Od pewnego czasu umiejętności Davida de Gei poddawane są w wątpliwość, pomimo tego, że przez wiele lat był prawdziwą gwiazdą na Old Trafford. Jednak Eric Steele wciąż postrzega go jako jednego z najlepszych w swoim fachu.
Były trener bramkarzy w Manchesterze United uważa, że krytyka skierowana w stronę Davida de Gei nie zrobi na nim żadnego wrażenia. Jest to komentarz do słów Roya Keane’a, który w najmocniejszych słowach wypowiadał się o występach Hiszpana.

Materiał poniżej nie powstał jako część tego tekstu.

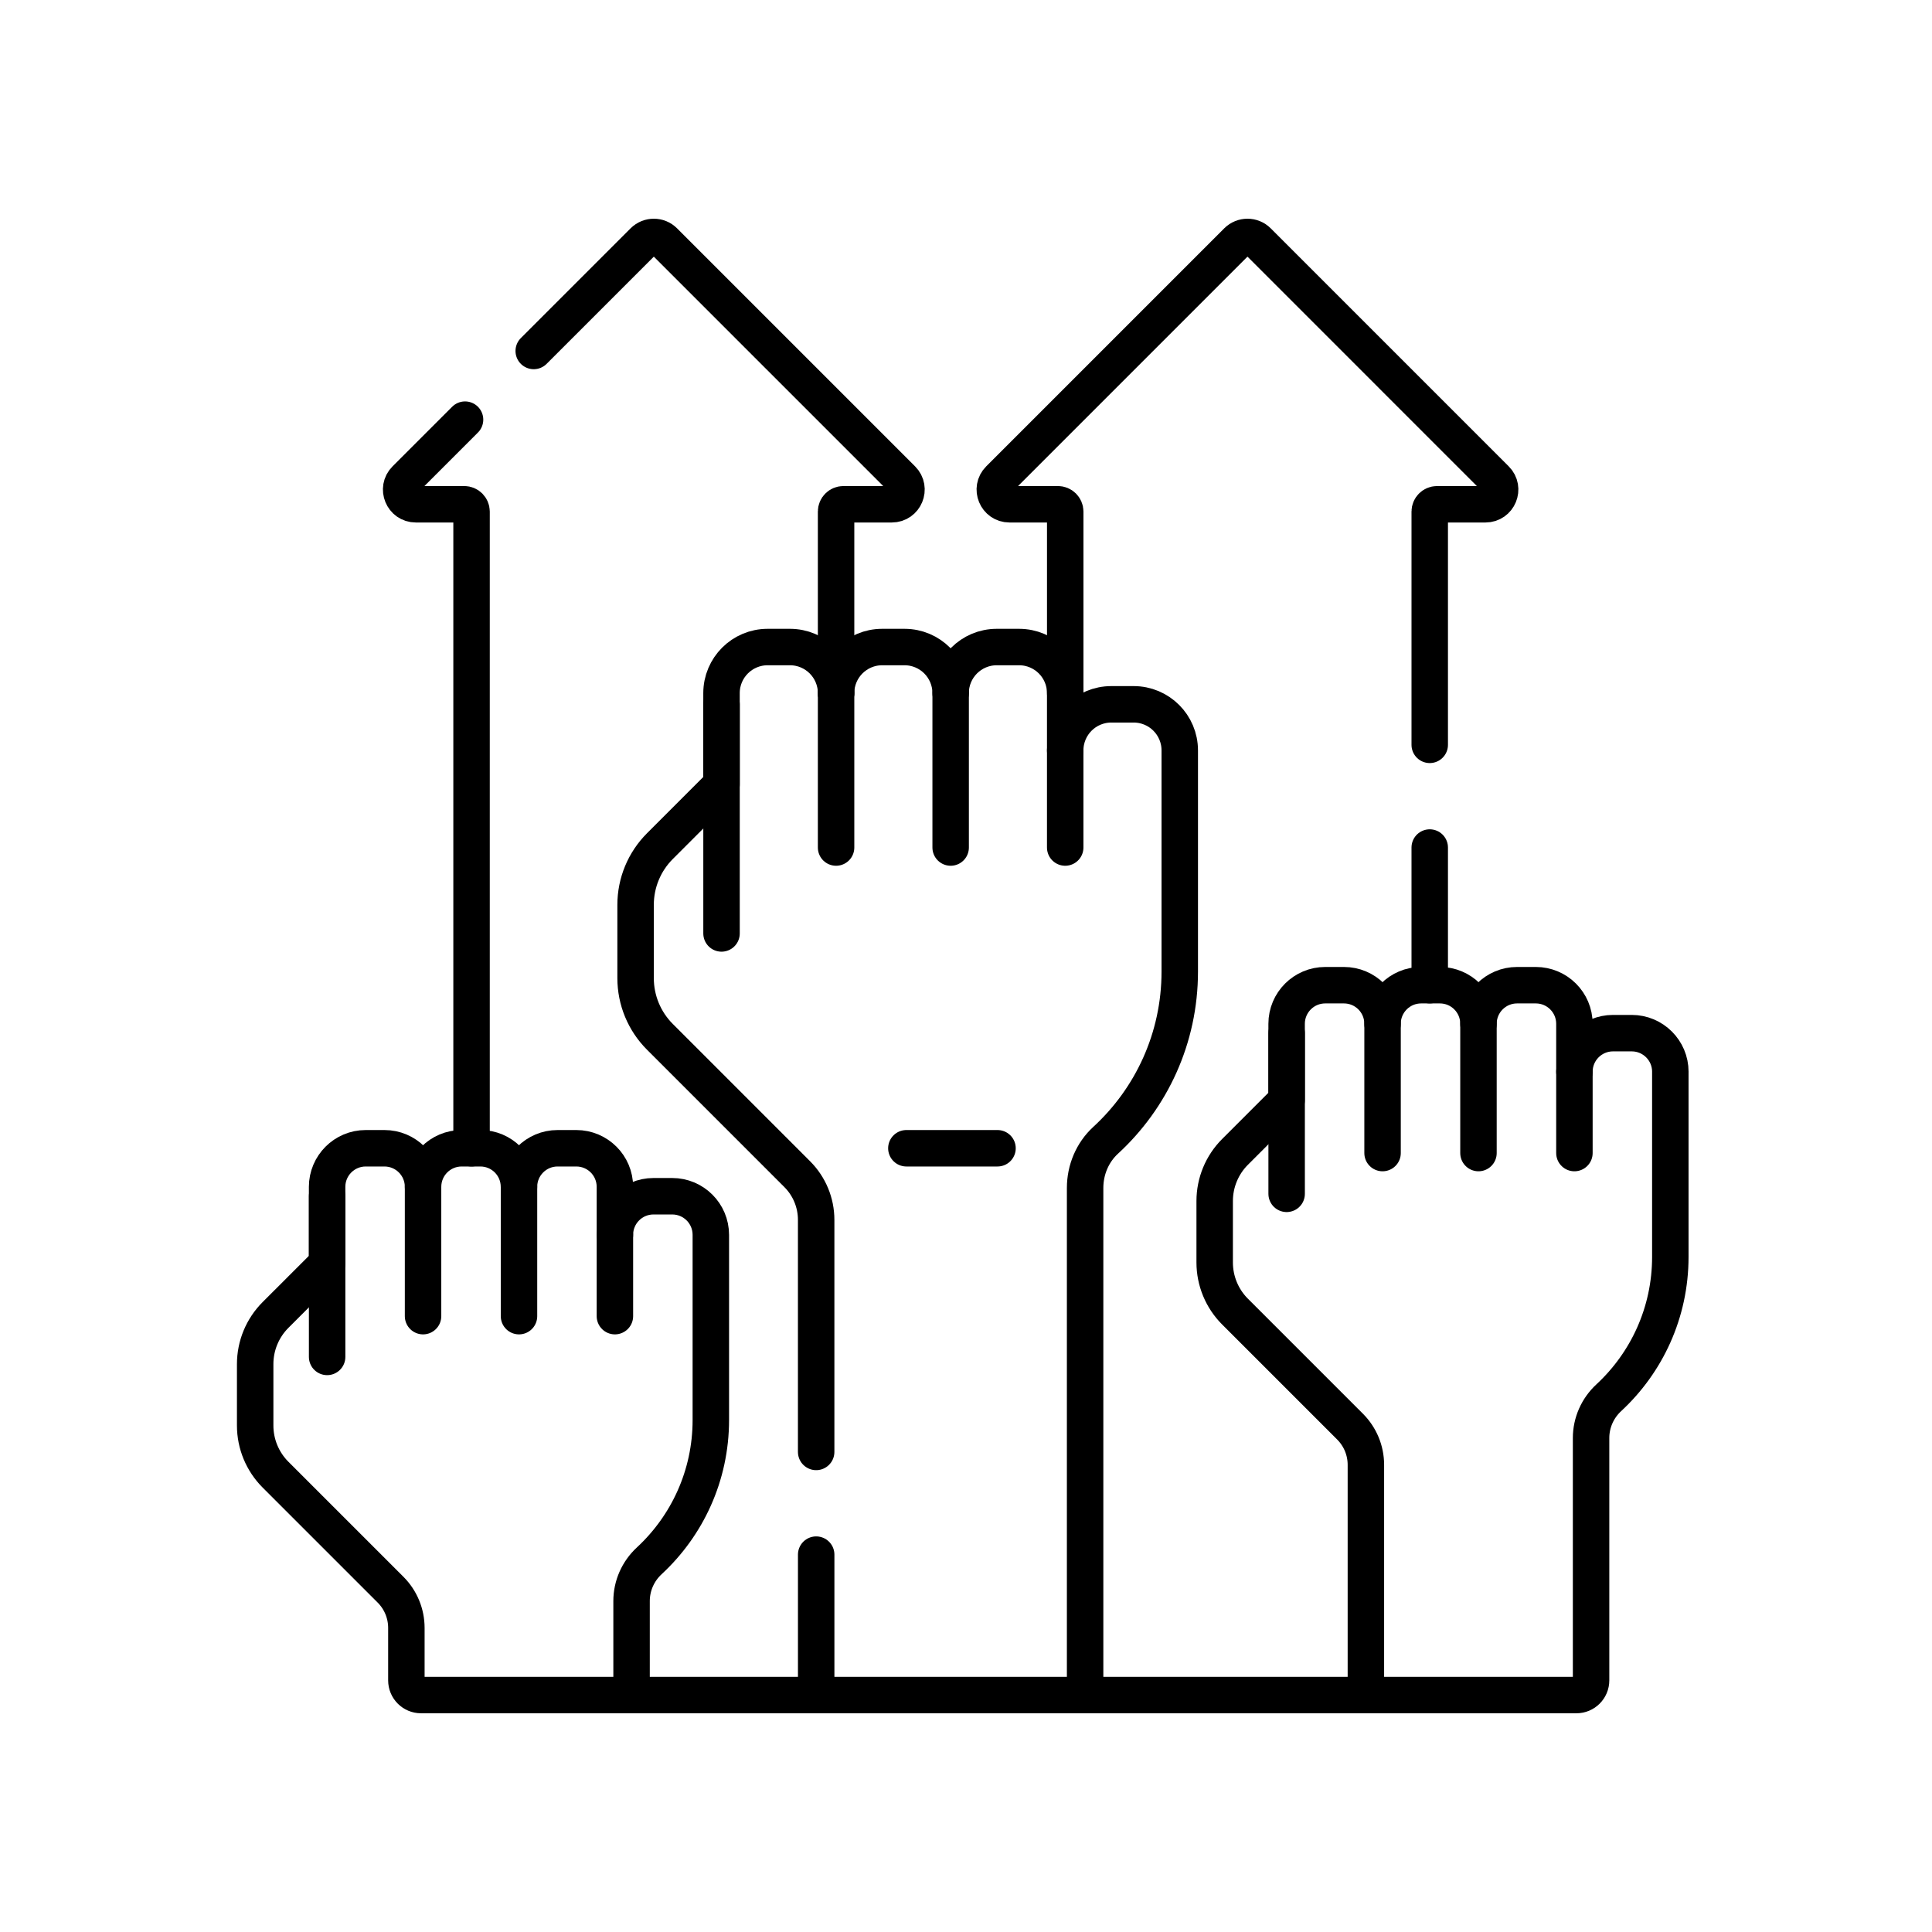 <svg width="106" height="106" viewBox="0 0 106 106" fill="none" xmlns="http://www.w3.org/2000/svg">
<path d="M25.515 23.024L22.246 26.293C21.739 26.8 22.098 27.667 22.815 27.667H25.47C25.692 27.667 25.872 27.847 25.872 28.069V63" stroke="black" stroke-width="2" stroke-miterlimit="10" stroke-linecap="round" stroke-linejoin="round"/>
<path d="M45.872 38.029V28.069C45.872 27.847 46.052 27.667 46.275 27.667H48.929C49.646 27.667 50.005 26.8 49.498 26.293L36.441 13.236C36.127 12.921 35.618 12.921 35.303 13.236L29.283 19.256" stroke="black" stroke-width="2" stroke-miterlimit="10" stroke-linecap="round" stroke-linejoin="round"/>
<path d="M78.443 40.866V28.069C78.443 27.847 78.623 27.667 78.846 27.667H81.5C82.217 27.667 82.576 26.8 82.069 26.293L69.013 13.236C68.698 12.921 68.189 12.921 67.874 13.236L54.817 26.293C54.31 26.8 54.669 27.667 55.387 27.667H58.041C58.263 27.667 58.444 27.847 58.444 28.069V38.029" stroke="black" stroke-width="2" stroke-miterlimit="10" stroke-linecap="round" stroke-linejoin="round"/>
<path d="M78.443 54.053V46.5" stroke="black" stroke-width="2" stroke-miterlimit="10" stroke-linecap="round" stroke-linejoin="round"/>
<path d="M44.78 85.295V93H59.535V65.178C59.535 64.188 59.933 63.231 60.662 62.562C63.162 60.264 64.728 56.967 64.728 53.304V41.172C64.728 39.775 63.596 38.643 62.199 38.643H60.972C59.575 38.643 58.443 39.775 58.443 41.172V38.029C58.443 36.633 57.31 35.5 55.913 35.5H54.687C53.29 35.5 52.157 36.632 52.157 38.029C52.157 36.633 51.025 35.5 49.628 35.5H48.401C47.004 35.5 45.872 36.632 45.872 38.029C45.872 36.633 44.739 35.5 43.342 35.5H42.115C40.719 35.5 39.586 36.632 39.586 38.029V43.042L36.206 46.423C35.352 47.277 34.872 48.435 34.872 49.642V53.667C34.872 54.875 35.352 56.033 36.206 56.886L43.742 64.423C44.406 65.087 44.779 65.988 44.779 66.927V79.661" stroke="black" stroke-width="2" stroke-miterlimit="10" stroke-linecap="round" stroke-linejoin="round"/>
<path d="M58.443 46.5V41.172" stroke="black" stroke-width="2" stroke-miterlimit="10" stroke-linecap="round" stroke-linejoin="round"/>
<path d="M52.158 46.5V38.029" stroke="black" stroke-width="2" stroke-miterlimit="10" stroke-linecap="round" stroke-linejoin="round"/>
<path d="M45.872 46.5V38.029" stroke="black" stroke-width="2" stroke-miterlimit="10" stroke-linecap="round" stroke-linejoin="round"/>
<path d="M39.587 51.214V38.643" stroke="black" stroke-width="2" stroke-miterlimit="10" stroke-linecap="round" stroke-linejoin="round"/>
<path d="M39 67.75C39 66.58 38.052 65.632 36.882 65.632H35.855C34.685 65.632 33.737 66.58 33.737 67.75V65.118C33.737 63.948 32.789 63 31.619 63H30.592C29.422 63 28.474 63.948 28.474 65.118C28.474 63.948 27.526 63 26.356 63H25.329C24.159 63 23.211 63.948 23.211 65.118C23.211 63.948 22.262 63 21.093 63H20.065C18.896 63 17.947 63.948 17.947 65.118V69.316L15.117 72.146C14.402 72.861 14 73.831 14 74.842V78.212C14 79.223 14.402 80.193 15.117 80.908L21.428 87.219C21.984 87.775 22.296 88.529 22.296 89.316V92.195C22.296 92.64 22.656 93 23.101 93H34.651V87.843C34.651 87.003 35.006 86.205 35.622 85.635C37.699 83.712 39 80.962 39 77.908V67.75H39Z" stroke="black" stroke-width="2" stroke-miterlimit="10" stroke-linecap="round" stroke-linejoin="round"/>
<path d="M33.737 72.211V67.75" stroke="black" stroke-width="2" stroke-miterlimit="10" stroke-linecap="round" stroke-linejoin="round"/>
<path d="M28.475 72.211V65.118" stroke="black" stroke-width="2" stroke-miterlimit="10" stroke-linecap="round" stroke-linejoin="round"/>
<path d="M23.211 72.211V65.118" stroke="black" stroke-width="2" stroke-miterlimit="10" stroke-linecap="round" stroke-linejoin="round"/>
<path d="M91.644 58.802C91.644 57.633 90.696 56.684 89.526 56.684H88.499C87.329 56.684 86.381 57.633 86.381 58.802V56.171C86.381 55.001 85.432 54.053 84.263 54.053H83.235C82.066 54.053 81.117 55.001 81.117 56.171C81.117 55.001 80.169 54.053 78.999 54.053H77.972C76.802 54.053 75.854 55.001 75.854 56.171C75.854 55.001 74.906 54.053 73.736 54.053H72.709C71.539 54.053 70.591 55.001 70.591 56.171V60.368L67.76 63.199C67.045 63.914 66.644 64.884 66.644 65.895V69.265C66.644 70.276 67.045 71.246 67.76 71.961L74.071 78.272C74.627 78.828 74.94 79.582 74.94 80.368V93H86.49C86.934 93 87.295 92.64 87.295 92.195V78.895C87.295 78.056 87.65 77.258 88.266 76.688C90.343 74.765 91.643 72.015 91.643 68.961V58.802H91.644Z" stroke="black" stroke-width="2" stroke-miterlimit="10" stroke-linecap="round" stroke-linejoin="round"/>
<path d="M86.381 63.263V58.802" stroke="black" stroke-width="2" stroke-miterlimit="10" stroke-linecap="round" stroke-linejoin="round"/>
<path d="M81.117 63.263V56.171" stroke="black" stroke-width="2" stroke-miterlimit="10" stroke-linecap="round" stroke-linejoin="round"/>
<path d="M75.855 63.263V56.171" stroke="black" stroke-width="2" stroke-miterlimit="10" stroke-linecap="round" stroke-linejoin="round"/>
<path d="M49.728 63H54.729" stroke="black" stroke-width="2" stroke-miterlimit="10" stroke-linecap="round" stroke-linejoin="round"/>
<path d="M44.78 93H34.651" stroke="black" stroke-width="2" stroke-miterlimit="10" stroke-linecap="round" stroke-linejoin="round"/>
<path d="M59.535 93H74.94" stroke="black" stroke-width="2" stroke-miterlimit="10" stroke-linecap="round" stroke-linejoin="round"/>
<path d="M17.948 74.448V65.632" stroke="black" stroke-width="2" stroke-miterlimit="10" stroke-linecap="round" stroke-linejoin="round"/>
<path d="M70.592 65.5V56.684" stroke="black" stroke-width="2" stroke-miterlimit="10" stroke-linecap="round" stroke-linejoin="round"/>
</svg>

Bramkarz „Czerwonych Diabłów” przez większą część swojego pobytu w Anglii stał się synonimem powtarzalności. Miał trudne początki w zespole, ale potem aż cztery razy był wybierany najlepszym piłkarzem roku w Manchesterze United i powoli zbliża się do 400. występów w bluzie z diabełkiem na piersi.
Podczas swojego dziewięcioletniego pobytu w Manchesterze zapracował na bardzo wysoki kontrakt, a także na miejsce wśród najlepszych bramkarzy w Europie.
W ostatnim czasie przytrafiają mu się jednak błędy, po których Roy Keane nazwał go „najbardziej przereklamowanym bramkarzem jakiego widział od dawna”. Dodał przy tym, że po kosztownej pomyłce w spotkaniu z Tottenhamem „wdałby się z nim w bójkę”.
Steele wierzy jednak, że zawodnik, z którym współpracował od momentu jego przejścia z Atletico Madryt w 2011 roku, zignoruje takie komentarze i skupi się na powrocie do najwyższej formy.
– Roy Keane ma swoją drogę, którą podążał jako piłkarz, trener i teraz to samo robi jako ekspert. To co robi w Sky TV jest niezwykłe. Chciałbym tylko powiedzieć, że ja rozwiązałbym to zupełnie inaczej. David de Gea nie potrzebował gniewnych uwag Roya Keane’a, ponieważ zdawał sobie sprawę z tego, że popełnił błąd – mówił Steele w podcaście „Football, the Albion and Me”.
– To samo powiedziałbym w sprawie Joe Harta, Toma Heatona, Marta Pooma z Derby albo Lee Granta, który teraz jest w Manchester United. [De Gea] zbliża się do 400 spotkań w Manchesterze United. Osiągnie to w ciągu najbliższych dwóch tygodni. Nie grasz tyle dla jednego z najlepszych klubów na świecie, jeśli nie jesteś dobrym bramkarzem.
– Tak, jest w lekkim dołku, ale trzeba było widzieć go w tym klubie przez ostatnie dziewięć lat. Peter Schmeichel przybył tu w wieku 28 lat i pierwsze trzy miesiące były dla tego trudne, tak samo jak pierwsze sześć miesięcy dla Davida.
– David miał wtedy 20 lat, teraz dobiega do 30 i jest bliski 400 spotkań dla Manchesteru United. Moja odpowiedź brzmi tak: spójrzcie na to co wygrał, spójrzcie na to, jaki miał w to wkład. Tak, on zdaje sobie sprawę ze swoich błędów, ale co wiem na pewno, to że David dzięki swojemu opanowaniu, charakterowi i spokojowi nie będzie się tym przejmował.
– Założę się, że nawet tego nie oglądał. Ktoś musiałby mu to wysłać na Twitterze. Zupełnie by się tym nie przejął. Przyszedł do Manchesteru United, wygrał Ligę Europy, wygrywał w rozgrywkach U-21 oraz U17 z reprezentacją Hiszpanii.
– Ma na swoim koncie również triumfy w Premier League, FA Cup, Tarczy Wspólnoty i wspomnianej Lidze Europy. Nie zostajesz świetnym bramkarzem w ciągu jednej nocy. Jasne, ostatnie dziewięć miesięcy nie było najlepszych w jego wykonaniu, ale on tam jest od dziewięciu lat.
– Pracował pod dużą presją. Różni menadżerowie, różni trenerzy bramkarscy. David się podniesie dzięki swojemu charakterowi, który pozwoli mu przebrnąć przez te problemy.